Ingénieur en Télécoms, docteur en intelligence artificielle, titulaire d’un mastère de l’école nationale supérieure des Télécoms, Patrick Perrot, a d’abord effectué son service comme officier de marine sur le “Monge”, puis a travaillé comme ingénieur chez Lucent technologies avant d’intégrer l’EOGN via le concours sur titre, réservé aux officiers de réserve.

Patrick Perrot (Photo Sirpa Gendarmerie)

Il a commandé le peloton d’ intervention de l’EGM de Bourgoin- Jallieu (38) avant de rejoindre, pour 8 ans, le département signal- image-parole de l’Institut de recherche criminelle de la Gendarmerie Nationale où il a travaillé comme expert en biométrie, notamment en reconnaissance faciale, en reconnaissance de locuteur ou dans la détection de comportements et a promu l’analyse en 3D des scènes de crime.

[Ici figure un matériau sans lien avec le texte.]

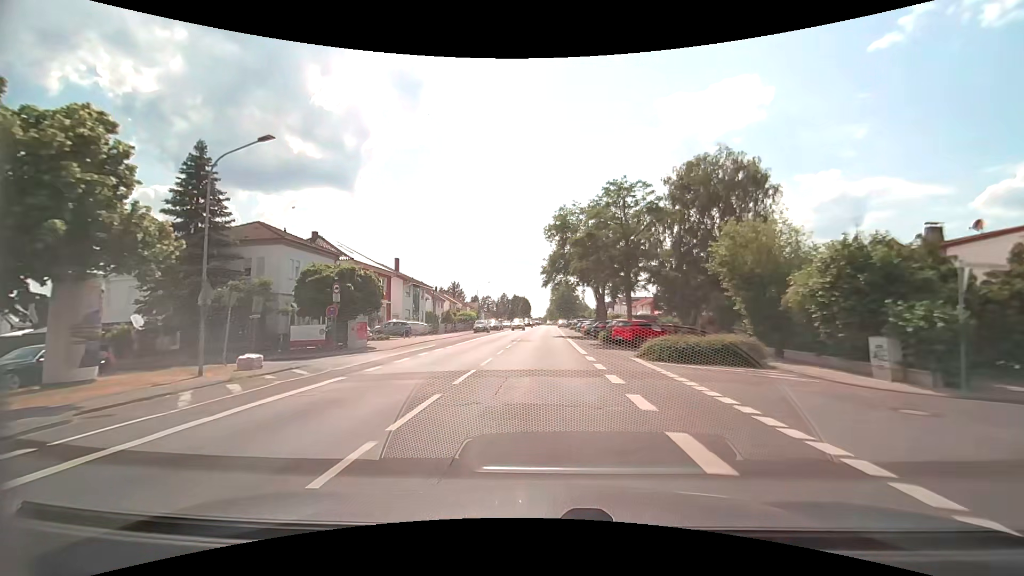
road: secondary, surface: asphalt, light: Day
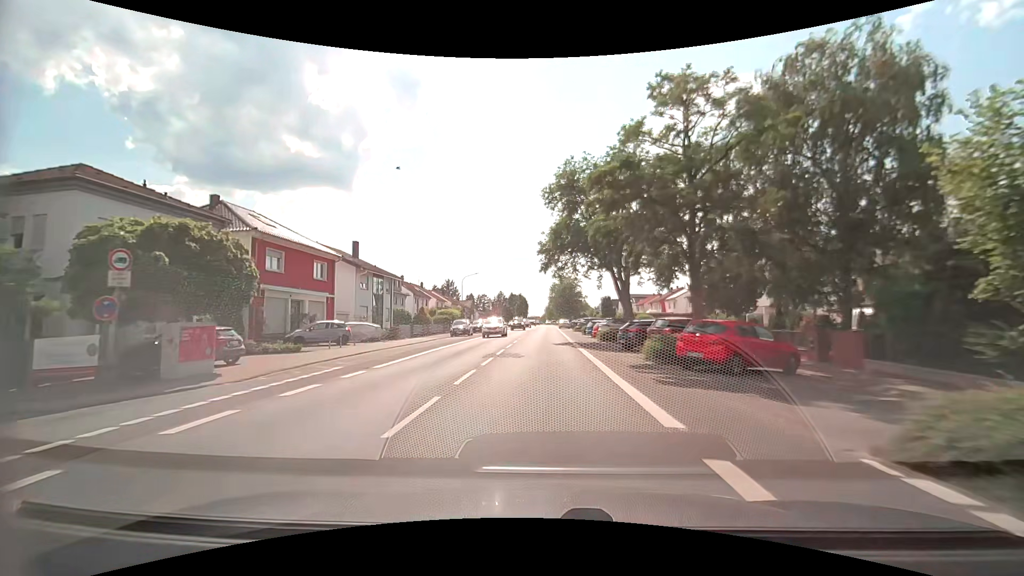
(0.0, +14.0) m; 0°
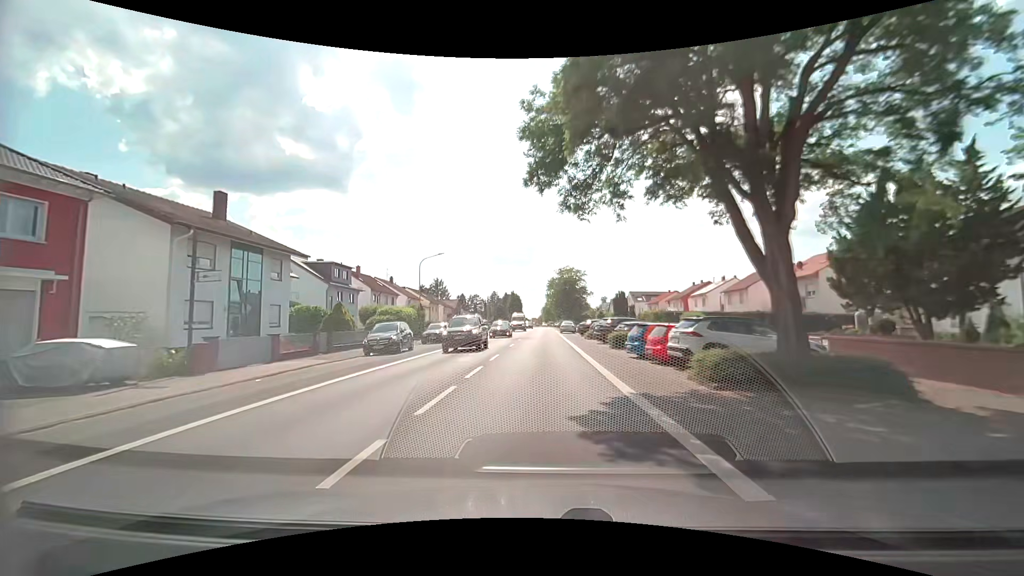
(+0.1, +21.3) m; +1°
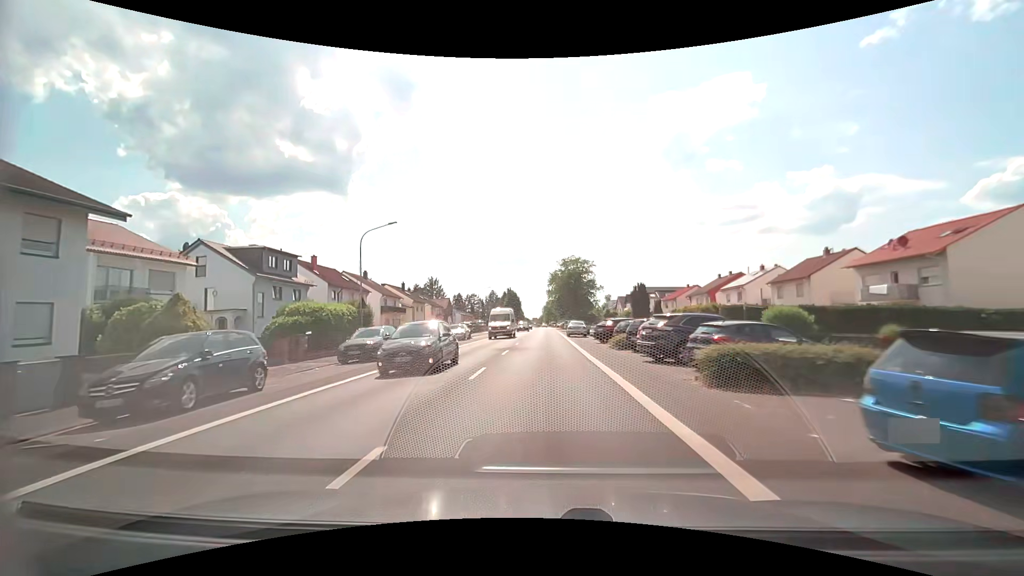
(-0.1, +14.8) m; 0°
(0, +10) (0, +20) (0, +30) (0, +40) (0, +50) (0, +60) (0, +70) (0, +80) (0, +90) (0, +100) m

Il a ensuite commandé la compagnie de Saint-Jean d’Angely (17) avant de revenir à l’IRCGN comme chef de division analyse et investigation criminelles au service central de renseignement criminel. En charge de l’animation et de la coordination de la fonction de renseignement criminel, il a développé le concept d’analyse anticipative de la délinquance fondé sur des méthodes d’intelligence artificielle en lien avec la CNIL. Il a été en charge de la direction de programme inter- services relative à l’analyse décisionnelle. Il a commandé le groupement de la Haute-Marne de 2017 à 2020. 

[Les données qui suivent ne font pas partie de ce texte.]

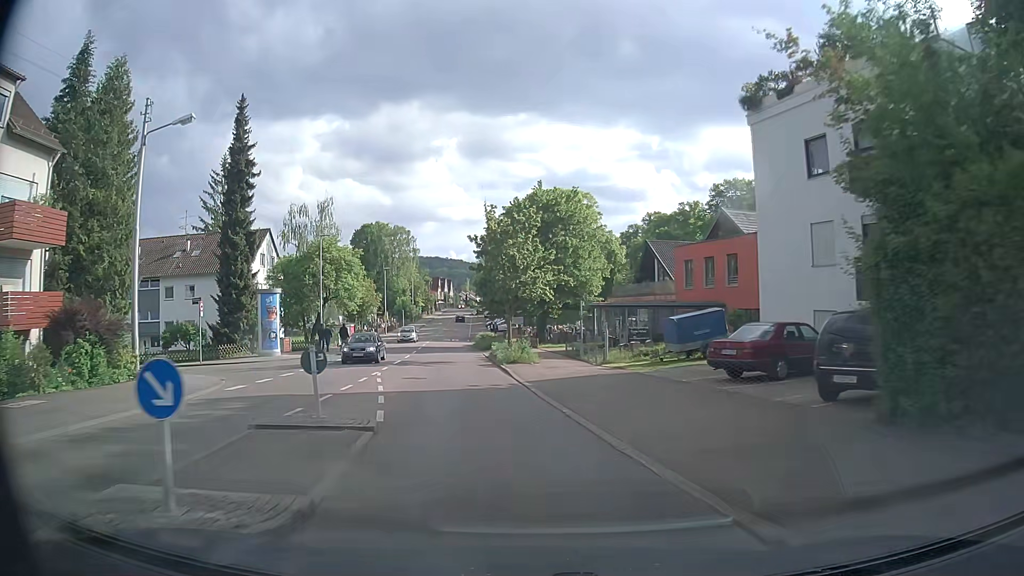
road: secondary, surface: asphalt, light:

François Santarelli, commandant le centre de planification et de gestion de crise (CPGC) . Ancien commandant du groupement de la Charente, il a d’abord servi comme officier de réserve en situation d’activité (ORSA) dans l’armée de terre (train), avant d’intégrer la Gendarmerie. A sa sortie de l’EOGN, il a été commandant de peloton de Gendarmerie mobile à Marseille. Il a ensuite commandé la compagnie de Villefranche-de-Rouergue (12), a servi au bureau de l’analyse statistique et de l’évaluation de l’activité du service des opérations et de l’emploi, au bureau défense, et a été chef de bureau à la direction des opérations et de l’emploi.

Jean-Christophe Sintive, conseiller défense et sécurité et adjoint Gendarmerie au cabinet militaire de la ministre des armées. Saint-Cyrien, il a débuté comme commandant de peloton à l’escadron de gendarmerie mobile de Chatellerault avec lequel il a été projeté au Kosovo, a été ensuite cadre professeur à l’école Polytechnique avant de commander la compagnie de Béziers (34).

Le colonel Jean-Christophe Sintive (Photo Facebook GGD 33)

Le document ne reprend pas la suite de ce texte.